Excerpted data:
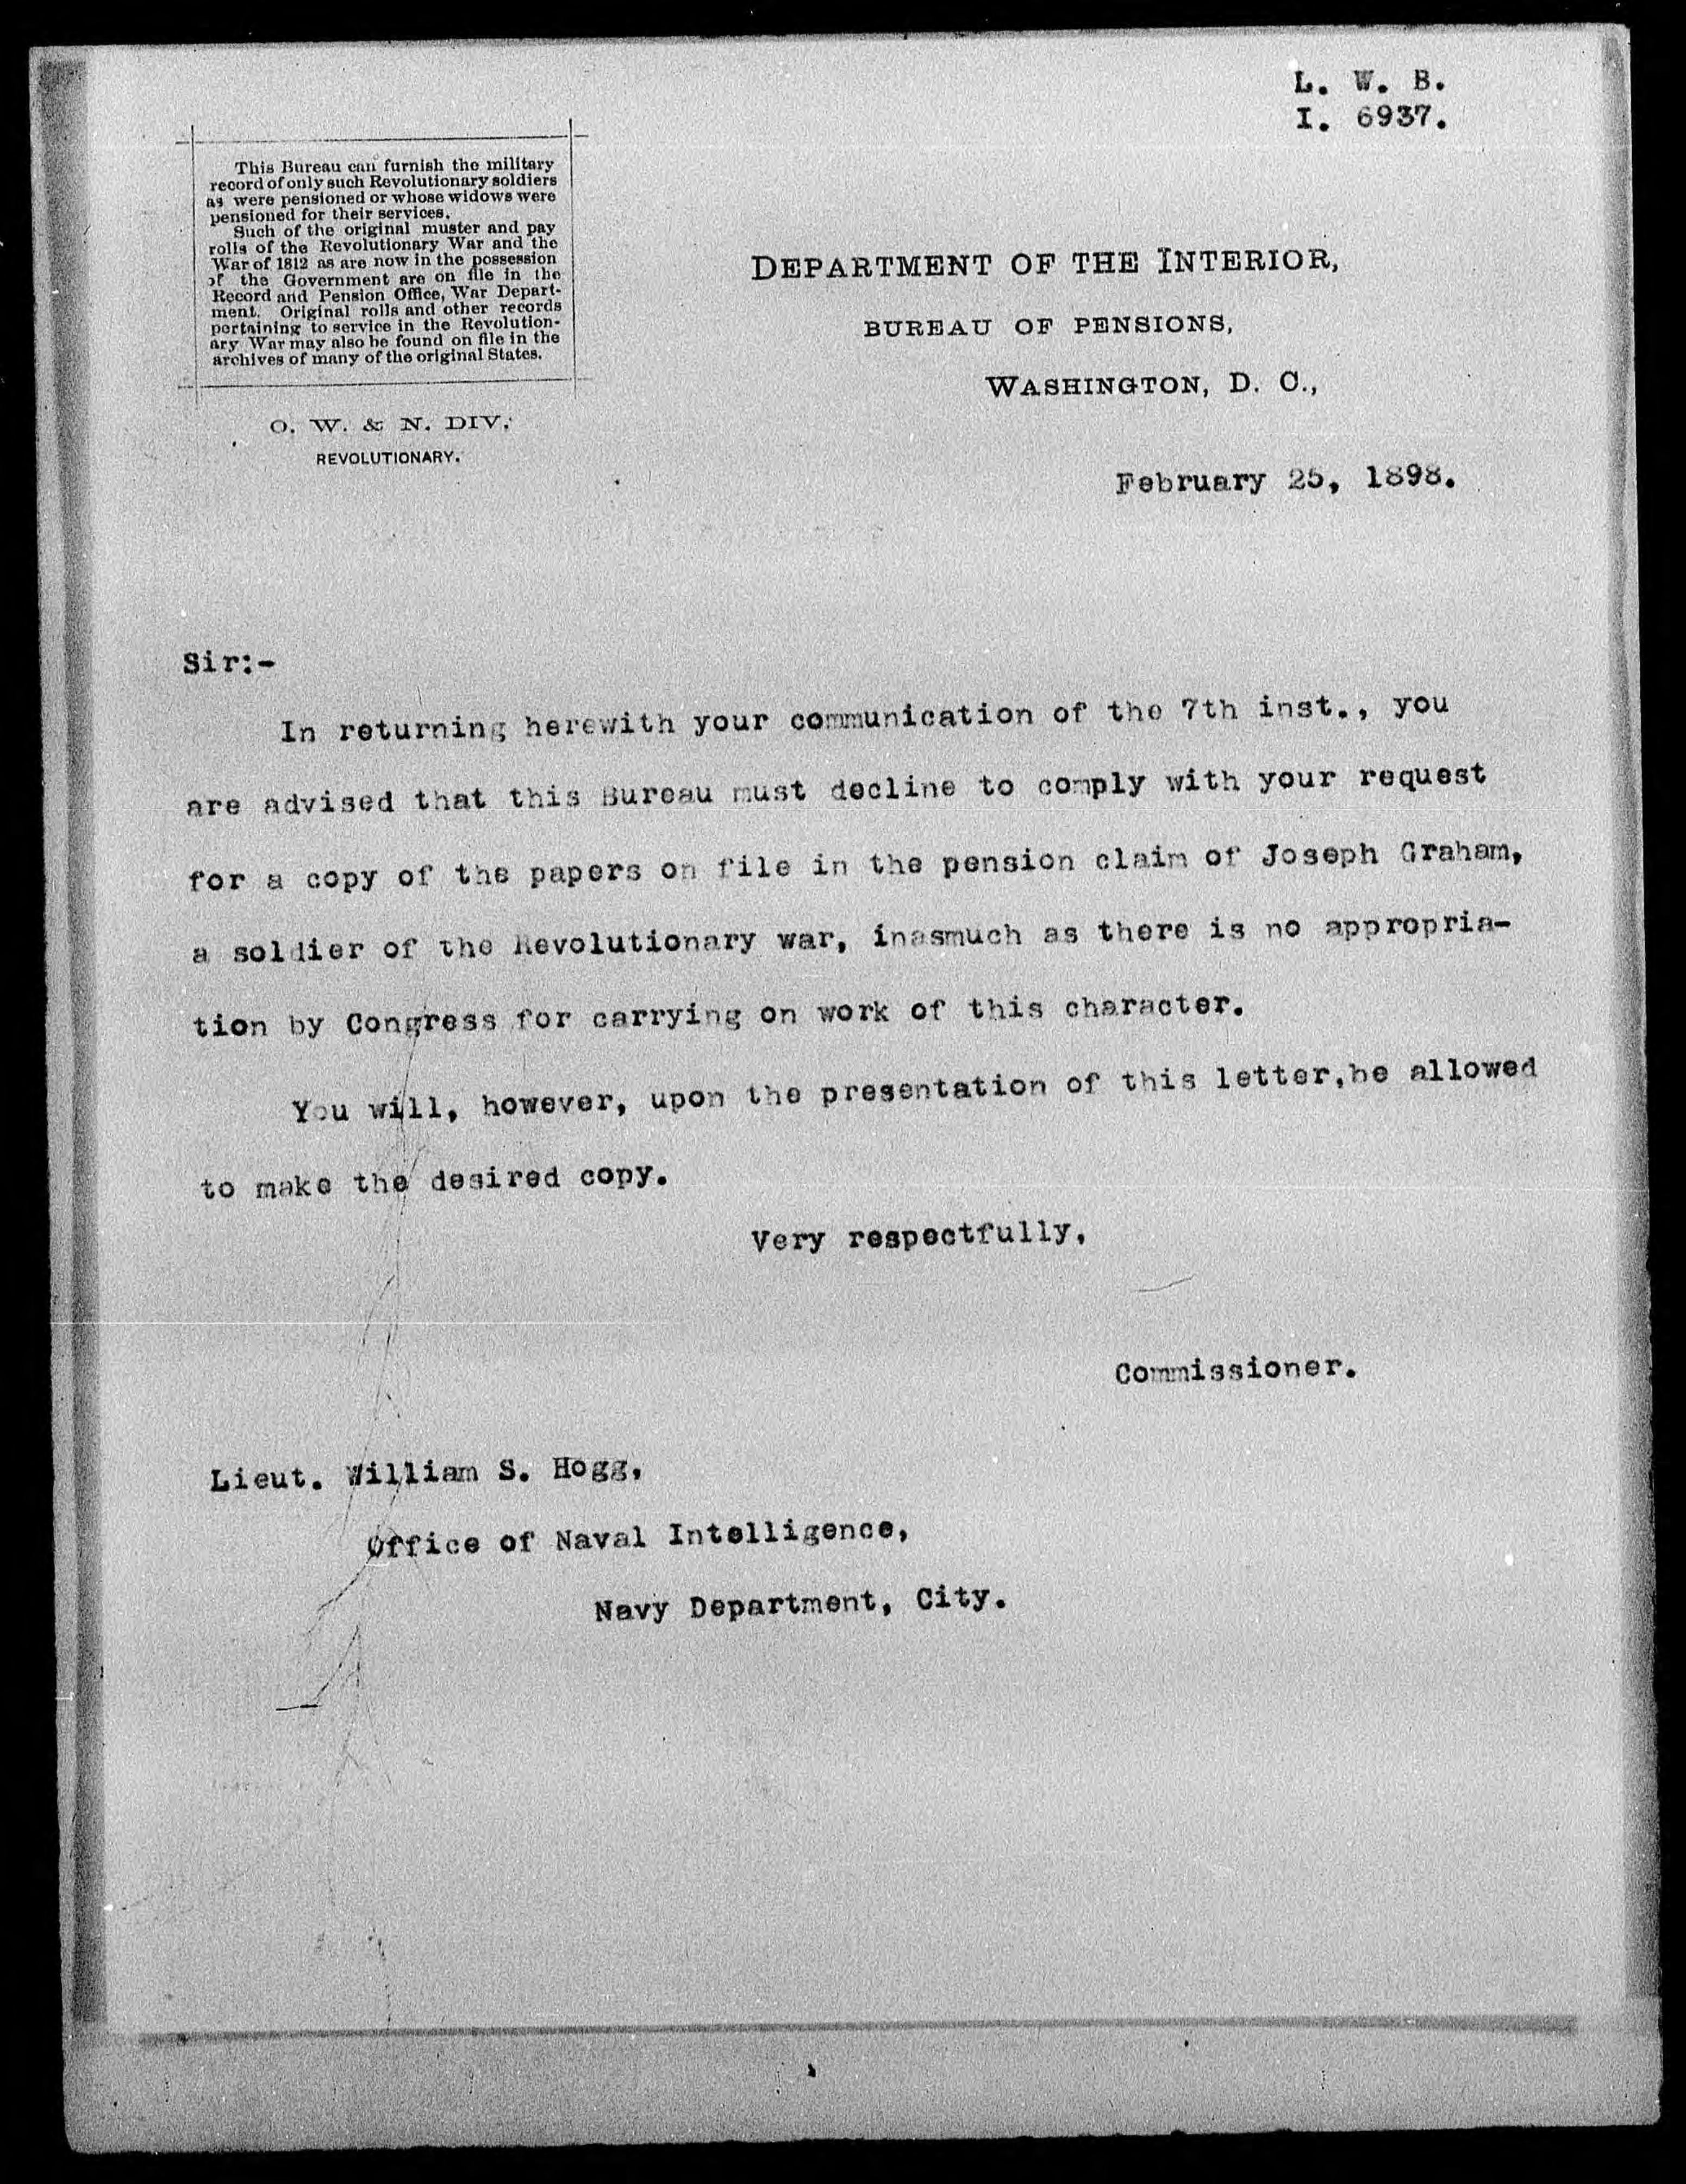This Bureau can furnish the military
record of only such Revolutionary soldiers
as were pensioned or whose widows were
pensioned for their services.
Such of the original muster and pay
rolls of the Revolutionary War and the
War of 1812 as are now in the possession
of the Government are on file in the
Record and Pension Office, War Department. Original rolls and other records
pertaining to service in the Revolutionary War may also be found on file in the 
archives of many of the original States.

DEPARTMENT OF THE INTERIOR,
BUREAU OF PENSIONS,
WASHINGTON, D. C.,

February 26, 1898.

Sir:-

In returning herewith your communication of the 7th inst., you are advised that this Bureau must decline to comply with your request
for a copy of the papers on file in the pension claim of Joseph Graham, a soldier of the Revolutionary war, inasmuch as there is no appropriation by Congress for carrying on work of this character. You will, however, upon the presentation of this letter be allowed
to make the desired copy.

Very respectfully,

Commissioner.

Lieut. William S. Hogs,
Office of Naval Intelligence,
Navy Department, City

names: Joseph Graham, William S Hogg
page: 33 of 55
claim: survivor's
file: S. 6,937, Joseph Graham, N.C.

About this exercise: Output only the number of lines above holding "Revolutionary".

Reply to the task: 4